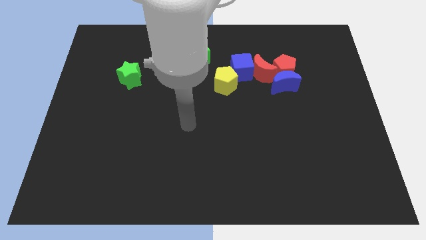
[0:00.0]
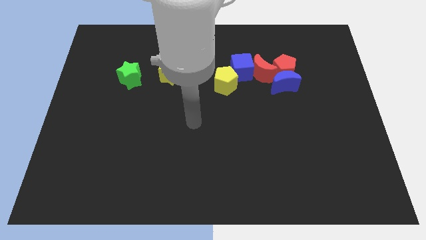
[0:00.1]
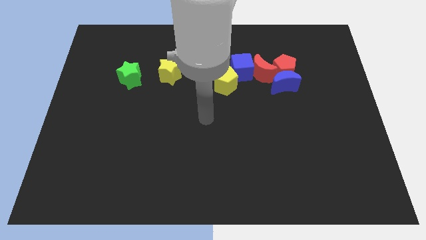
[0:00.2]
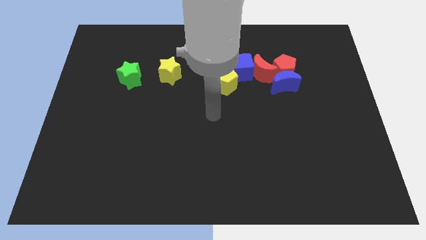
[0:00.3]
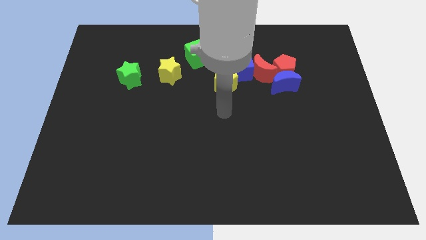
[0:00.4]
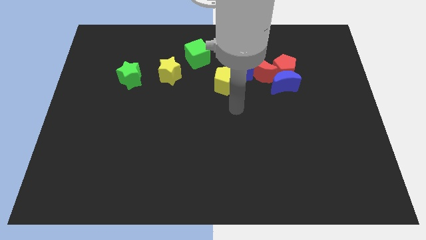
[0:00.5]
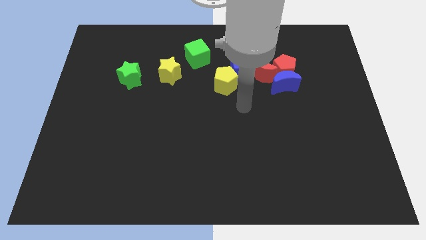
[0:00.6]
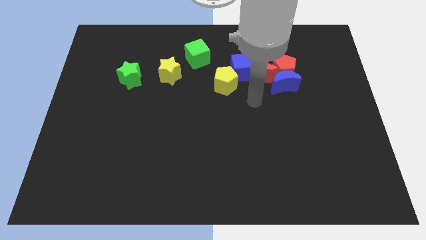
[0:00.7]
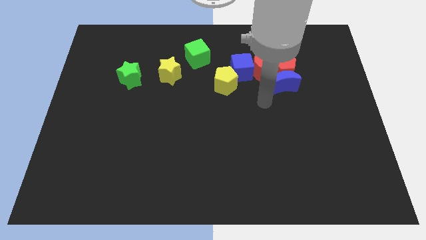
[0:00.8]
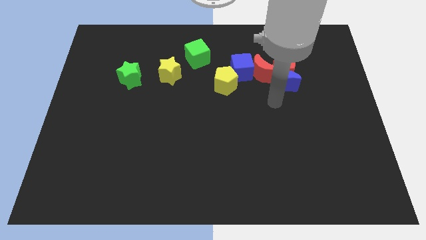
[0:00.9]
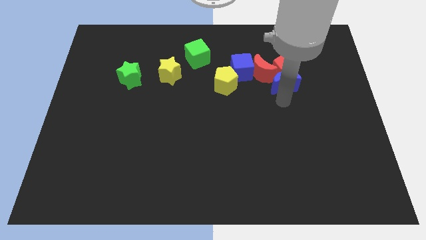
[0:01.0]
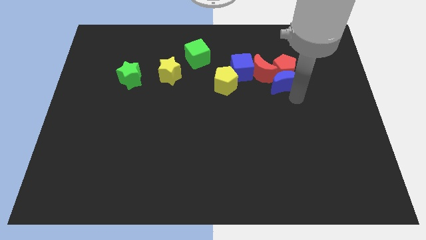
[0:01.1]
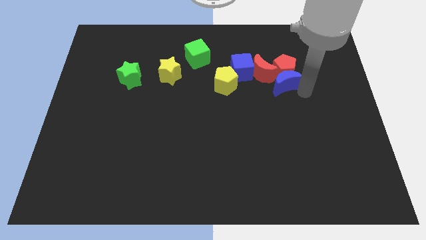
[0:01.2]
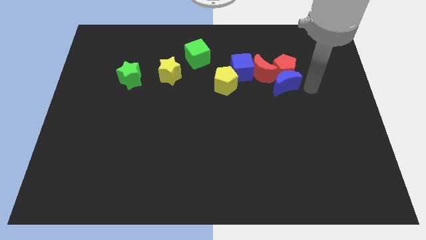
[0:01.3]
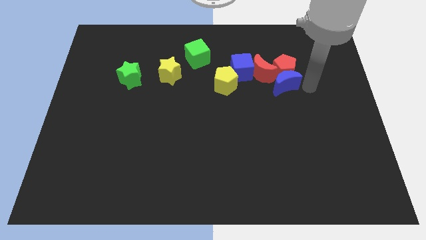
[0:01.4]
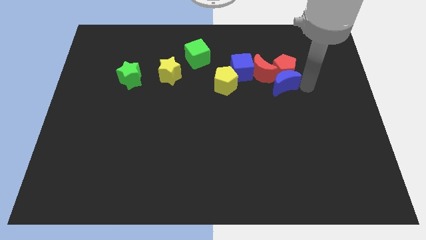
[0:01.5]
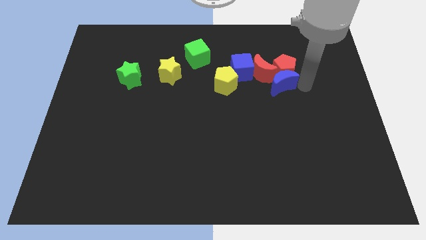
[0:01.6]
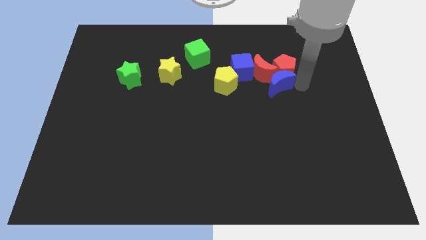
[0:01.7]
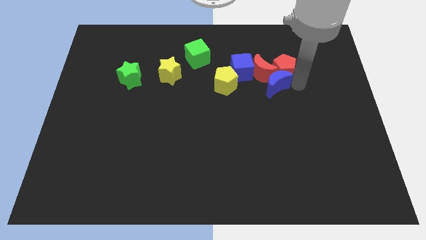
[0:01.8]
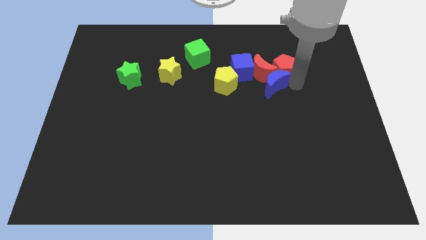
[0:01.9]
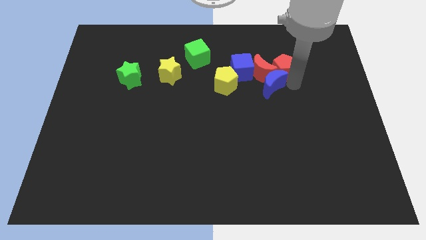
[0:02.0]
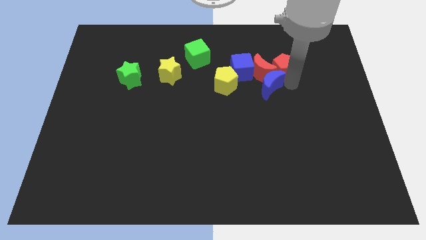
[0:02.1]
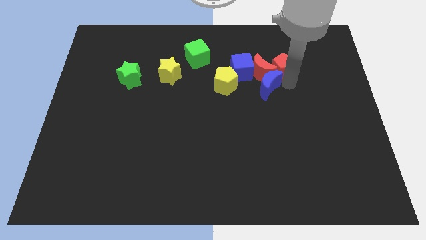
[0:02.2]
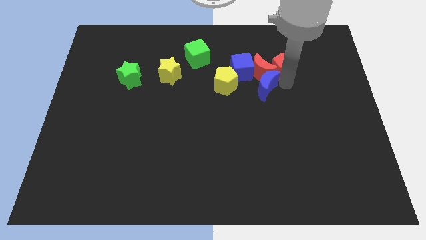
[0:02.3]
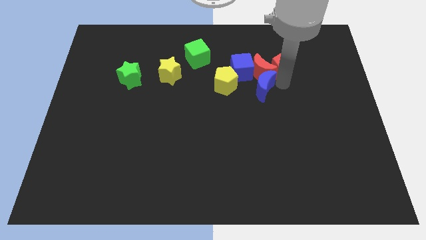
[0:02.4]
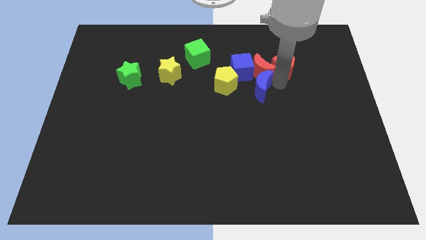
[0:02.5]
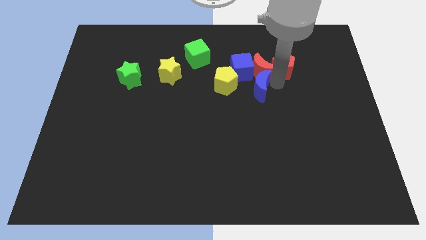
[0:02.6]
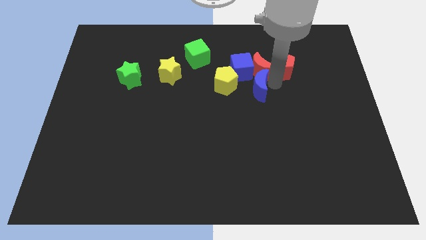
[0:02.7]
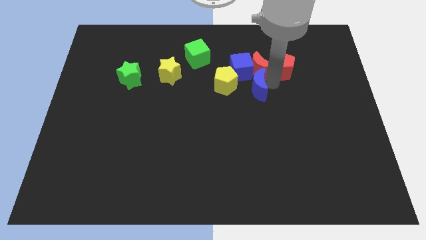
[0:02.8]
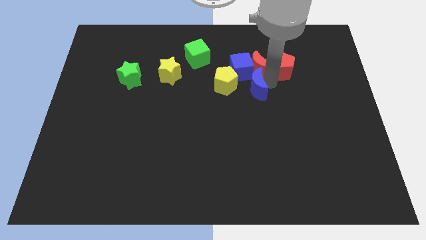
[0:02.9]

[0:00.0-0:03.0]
push the blue moon to the left slightly
__________________________________________________
**What to do:** Give the complete material again, exactly as written. Do not include the pictures.

**Written reply:**
[0:00.0]
[0:00.1]
[0:00.2]
[0:00.3]
[0:00.4]
[0:00.5]
[0:00.6]
[0:00.7]
[0:00.8]
[0:00.9]
[0:01.0]
[0:01.1]
[0:01.2]
[0:01.3]
[0:01.4]
[0:01.5]
[0:01.6]
[0:01.7]
[0:01.8]
[0:01.9]
[0:02.0]
[0:02.1]
[0:02.2]
[0:02.3]
[0:02.4]
[0:02.5]
[0:02.6]
[0:02.7]
[0:02.8]
[0:02.9]

[0:00.0-0:03.0]
push the blue moon to the left slightly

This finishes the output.